The play would benefit from the kind of performance venue that better serves its needs. But there are times when one must accept trade-offs in the world of the arts. The good news is that this splendid Soulpepper production is now being made available to outside Toronto — first in Ottawa and later in Winnipeg and Vancouver. It’s a home-grown triumph which deserves audiences across the country because of what it has to tell us about the diversity of our national culture and of the welcome byways which are enriching our performing arts scene.
It takes us through a single day in the life of the store, beginning with the moment when a gently humming Appa arrives on the premises, puts on the lights, fusses about with the stock and awaits his first customer — an amiable soul who ends up being lectured about the virtues of a new imported beverage and the troubled history of Japanese-Korean relations. The play’s comic payoffs are already rich and recurring — but in the process a flawed but memorable human being is also taking shape.

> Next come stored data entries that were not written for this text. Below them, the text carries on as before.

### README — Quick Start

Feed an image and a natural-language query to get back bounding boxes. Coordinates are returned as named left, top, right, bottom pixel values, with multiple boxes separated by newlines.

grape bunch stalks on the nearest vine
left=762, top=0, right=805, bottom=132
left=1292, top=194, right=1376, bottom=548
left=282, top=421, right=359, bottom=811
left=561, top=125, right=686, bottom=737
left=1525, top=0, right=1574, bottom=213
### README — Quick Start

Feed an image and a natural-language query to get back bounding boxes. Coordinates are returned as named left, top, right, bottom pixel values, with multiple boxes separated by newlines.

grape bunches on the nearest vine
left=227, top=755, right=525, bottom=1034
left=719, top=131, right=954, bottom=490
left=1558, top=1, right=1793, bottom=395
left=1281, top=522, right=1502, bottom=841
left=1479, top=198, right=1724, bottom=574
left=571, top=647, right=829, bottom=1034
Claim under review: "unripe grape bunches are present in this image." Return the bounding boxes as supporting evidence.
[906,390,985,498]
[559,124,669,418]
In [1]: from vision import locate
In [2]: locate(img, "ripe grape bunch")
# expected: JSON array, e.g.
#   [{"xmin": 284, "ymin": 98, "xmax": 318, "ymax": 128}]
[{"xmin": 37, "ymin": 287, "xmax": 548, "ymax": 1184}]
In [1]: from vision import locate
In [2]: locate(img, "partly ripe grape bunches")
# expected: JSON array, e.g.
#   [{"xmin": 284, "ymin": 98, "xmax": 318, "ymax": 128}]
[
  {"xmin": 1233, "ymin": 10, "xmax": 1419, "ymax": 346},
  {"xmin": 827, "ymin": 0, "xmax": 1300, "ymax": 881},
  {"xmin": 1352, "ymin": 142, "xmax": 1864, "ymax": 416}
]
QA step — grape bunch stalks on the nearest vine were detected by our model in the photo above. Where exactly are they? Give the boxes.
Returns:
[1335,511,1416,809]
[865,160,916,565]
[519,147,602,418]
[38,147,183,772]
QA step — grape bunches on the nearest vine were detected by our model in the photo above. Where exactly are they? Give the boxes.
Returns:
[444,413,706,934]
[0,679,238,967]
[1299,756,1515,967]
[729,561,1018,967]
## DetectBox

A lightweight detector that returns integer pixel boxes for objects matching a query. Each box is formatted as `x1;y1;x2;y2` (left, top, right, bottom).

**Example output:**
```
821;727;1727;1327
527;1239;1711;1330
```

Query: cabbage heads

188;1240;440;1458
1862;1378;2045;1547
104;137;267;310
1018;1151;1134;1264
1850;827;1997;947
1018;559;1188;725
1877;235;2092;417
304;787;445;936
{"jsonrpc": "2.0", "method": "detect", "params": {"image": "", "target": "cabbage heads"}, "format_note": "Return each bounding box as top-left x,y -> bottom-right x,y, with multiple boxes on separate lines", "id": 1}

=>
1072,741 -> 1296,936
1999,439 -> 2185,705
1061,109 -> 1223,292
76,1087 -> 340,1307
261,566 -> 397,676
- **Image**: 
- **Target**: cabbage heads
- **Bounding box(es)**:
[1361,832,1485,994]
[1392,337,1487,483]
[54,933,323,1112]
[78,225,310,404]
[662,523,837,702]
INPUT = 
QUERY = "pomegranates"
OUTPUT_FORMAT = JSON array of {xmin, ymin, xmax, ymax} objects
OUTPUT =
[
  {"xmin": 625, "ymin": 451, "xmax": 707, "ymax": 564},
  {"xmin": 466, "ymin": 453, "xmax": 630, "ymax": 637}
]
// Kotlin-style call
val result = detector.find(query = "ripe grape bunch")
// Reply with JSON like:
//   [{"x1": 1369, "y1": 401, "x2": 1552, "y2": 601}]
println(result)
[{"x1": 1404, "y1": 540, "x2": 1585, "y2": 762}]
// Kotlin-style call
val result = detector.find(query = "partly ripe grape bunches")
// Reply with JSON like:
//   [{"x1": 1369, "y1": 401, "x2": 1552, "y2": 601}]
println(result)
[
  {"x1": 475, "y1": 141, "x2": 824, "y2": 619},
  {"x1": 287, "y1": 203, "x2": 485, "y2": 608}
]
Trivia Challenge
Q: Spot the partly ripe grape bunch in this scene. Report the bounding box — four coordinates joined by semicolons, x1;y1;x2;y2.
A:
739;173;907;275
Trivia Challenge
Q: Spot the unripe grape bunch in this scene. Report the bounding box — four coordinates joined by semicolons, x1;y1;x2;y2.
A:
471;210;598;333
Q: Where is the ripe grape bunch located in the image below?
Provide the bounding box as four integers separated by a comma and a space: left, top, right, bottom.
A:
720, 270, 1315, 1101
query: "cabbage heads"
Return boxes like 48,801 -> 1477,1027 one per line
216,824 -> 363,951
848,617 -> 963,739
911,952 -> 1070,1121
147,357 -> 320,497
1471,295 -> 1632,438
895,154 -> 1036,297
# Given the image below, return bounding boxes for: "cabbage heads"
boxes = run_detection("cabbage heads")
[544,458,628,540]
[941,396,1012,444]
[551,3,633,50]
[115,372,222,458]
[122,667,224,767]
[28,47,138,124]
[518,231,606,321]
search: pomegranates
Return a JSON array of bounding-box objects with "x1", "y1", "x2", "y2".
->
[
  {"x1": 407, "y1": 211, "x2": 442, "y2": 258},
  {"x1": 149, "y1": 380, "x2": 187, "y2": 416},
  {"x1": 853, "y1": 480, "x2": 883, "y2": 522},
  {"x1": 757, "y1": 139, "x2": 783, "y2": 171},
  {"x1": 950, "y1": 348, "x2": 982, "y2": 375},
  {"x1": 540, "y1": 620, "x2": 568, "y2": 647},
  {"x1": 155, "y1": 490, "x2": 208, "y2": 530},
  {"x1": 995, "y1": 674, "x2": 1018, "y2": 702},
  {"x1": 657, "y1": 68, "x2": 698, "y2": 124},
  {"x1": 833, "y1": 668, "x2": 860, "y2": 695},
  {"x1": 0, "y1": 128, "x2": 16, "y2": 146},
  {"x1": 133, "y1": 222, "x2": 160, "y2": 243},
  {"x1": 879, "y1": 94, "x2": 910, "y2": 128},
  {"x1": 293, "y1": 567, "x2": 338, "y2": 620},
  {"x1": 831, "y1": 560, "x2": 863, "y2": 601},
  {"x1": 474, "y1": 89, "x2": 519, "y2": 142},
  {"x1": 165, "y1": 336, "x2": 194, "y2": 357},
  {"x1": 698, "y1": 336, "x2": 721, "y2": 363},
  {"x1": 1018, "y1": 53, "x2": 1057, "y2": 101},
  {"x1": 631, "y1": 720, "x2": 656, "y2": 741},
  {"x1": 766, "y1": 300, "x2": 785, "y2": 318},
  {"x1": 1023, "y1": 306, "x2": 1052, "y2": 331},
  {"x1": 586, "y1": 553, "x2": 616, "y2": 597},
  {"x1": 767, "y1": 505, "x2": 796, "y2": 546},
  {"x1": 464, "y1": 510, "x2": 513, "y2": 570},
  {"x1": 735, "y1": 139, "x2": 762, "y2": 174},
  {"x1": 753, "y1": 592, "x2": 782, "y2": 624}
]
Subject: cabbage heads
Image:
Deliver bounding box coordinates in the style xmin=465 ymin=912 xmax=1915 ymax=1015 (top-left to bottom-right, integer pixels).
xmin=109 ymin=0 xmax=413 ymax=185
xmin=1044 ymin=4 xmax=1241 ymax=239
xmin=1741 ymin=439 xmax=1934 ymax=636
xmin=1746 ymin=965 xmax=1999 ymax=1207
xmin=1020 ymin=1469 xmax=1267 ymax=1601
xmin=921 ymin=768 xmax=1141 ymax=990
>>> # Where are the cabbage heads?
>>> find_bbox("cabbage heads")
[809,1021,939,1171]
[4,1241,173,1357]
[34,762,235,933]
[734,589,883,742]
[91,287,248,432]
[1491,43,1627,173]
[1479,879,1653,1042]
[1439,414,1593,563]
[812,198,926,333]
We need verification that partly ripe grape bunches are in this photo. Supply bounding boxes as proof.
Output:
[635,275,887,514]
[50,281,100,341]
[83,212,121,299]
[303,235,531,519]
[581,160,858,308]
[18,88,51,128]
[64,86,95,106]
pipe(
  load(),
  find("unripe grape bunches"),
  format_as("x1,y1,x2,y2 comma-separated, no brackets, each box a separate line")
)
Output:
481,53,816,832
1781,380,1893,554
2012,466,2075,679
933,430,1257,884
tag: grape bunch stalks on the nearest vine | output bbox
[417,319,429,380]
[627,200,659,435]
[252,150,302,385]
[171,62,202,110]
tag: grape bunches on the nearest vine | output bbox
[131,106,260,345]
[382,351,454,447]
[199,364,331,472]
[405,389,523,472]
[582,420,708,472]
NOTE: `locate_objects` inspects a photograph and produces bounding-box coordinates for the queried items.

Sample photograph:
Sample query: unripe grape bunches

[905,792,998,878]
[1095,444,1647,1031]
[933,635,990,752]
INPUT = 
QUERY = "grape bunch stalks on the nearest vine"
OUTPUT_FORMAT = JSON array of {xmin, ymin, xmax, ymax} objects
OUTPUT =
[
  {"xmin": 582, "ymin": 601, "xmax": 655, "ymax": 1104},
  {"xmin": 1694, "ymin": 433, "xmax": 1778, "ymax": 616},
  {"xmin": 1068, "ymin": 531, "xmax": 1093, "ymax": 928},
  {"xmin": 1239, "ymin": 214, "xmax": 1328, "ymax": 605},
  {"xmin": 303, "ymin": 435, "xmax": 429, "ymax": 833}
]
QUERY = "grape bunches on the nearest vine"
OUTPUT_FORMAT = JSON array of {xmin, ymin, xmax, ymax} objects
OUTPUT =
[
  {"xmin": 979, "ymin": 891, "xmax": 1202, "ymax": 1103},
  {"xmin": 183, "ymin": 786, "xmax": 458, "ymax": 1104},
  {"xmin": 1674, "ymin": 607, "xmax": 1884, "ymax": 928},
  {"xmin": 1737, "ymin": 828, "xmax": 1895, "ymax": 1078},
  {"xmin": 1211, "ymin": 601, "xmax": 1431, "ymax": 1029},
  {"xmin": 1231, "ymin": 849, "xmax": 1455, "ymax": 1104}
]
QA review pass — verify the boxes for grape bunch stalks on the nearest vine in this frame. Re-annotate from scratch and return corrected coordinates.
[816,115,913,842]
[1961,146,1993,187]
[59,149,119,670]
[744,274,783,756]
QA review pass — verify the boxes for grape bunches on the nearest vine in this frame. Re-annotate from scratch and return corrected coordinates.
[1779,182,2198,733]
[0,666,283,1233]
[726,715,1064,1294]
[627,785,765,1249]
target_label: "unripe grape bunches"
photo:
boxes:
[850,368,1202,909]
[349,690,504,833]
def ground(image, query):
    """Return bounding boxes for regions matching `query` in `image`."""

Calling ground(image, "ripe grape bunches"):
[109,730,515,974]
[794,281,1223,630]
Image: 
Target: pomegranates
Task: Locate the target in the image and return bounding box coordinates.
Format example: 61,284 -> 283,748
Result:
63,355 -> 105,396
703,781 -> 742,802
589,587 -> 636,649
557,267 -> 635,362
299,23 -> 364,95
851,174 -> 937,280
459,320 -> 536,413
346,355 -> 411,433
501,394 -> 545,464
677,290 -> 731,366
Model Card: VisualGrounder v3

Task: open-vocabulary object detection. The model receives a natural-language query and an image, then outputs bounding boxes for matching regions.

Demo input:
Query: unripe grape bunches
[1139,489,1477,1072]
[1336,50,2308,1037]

It would be easy for Appa to have emerged in this play as an overblown caricature. He is swollen with cultural pride. He is stubborn, prejudiced, controlling and ignorant. But he also is endearing, thanks to playwright Choi’s playful but perceptive approach to a maddening character he ultimately wants us to view with affection, and to Paul Sun-Hyung Lee’s success in defining a gruff survivor whose entire life revolves, not around his often beleaguered family, but around this store. Appa’s accented English is integral to this characterization, but perhaps Lee, so outstanding in the role, should take more care in ensuring that we at least get the tenor of what he is saying during some of those wonderful comic exchanges.
Soulpepper artistic director Albert Schultz has provided a robust remounting of Weyni Mengasha’s original production, and the cast responds beautifully to the needs of this funny, humane play. Grace Lynn Kung delivers a knockout performance as the feisty daughter who has long yearned for Appa to reach out to her emotionally. Her turbulent relationship with the father who wants her to take over the business provides the play’s most powerful observations on ethnic/generational conflicts — but there’s nothing glib or facile about the way these scenes are drawn. Janet can be as stubborn as her parent — also, significantly, as determined as he is to conceal an inner vulnerability.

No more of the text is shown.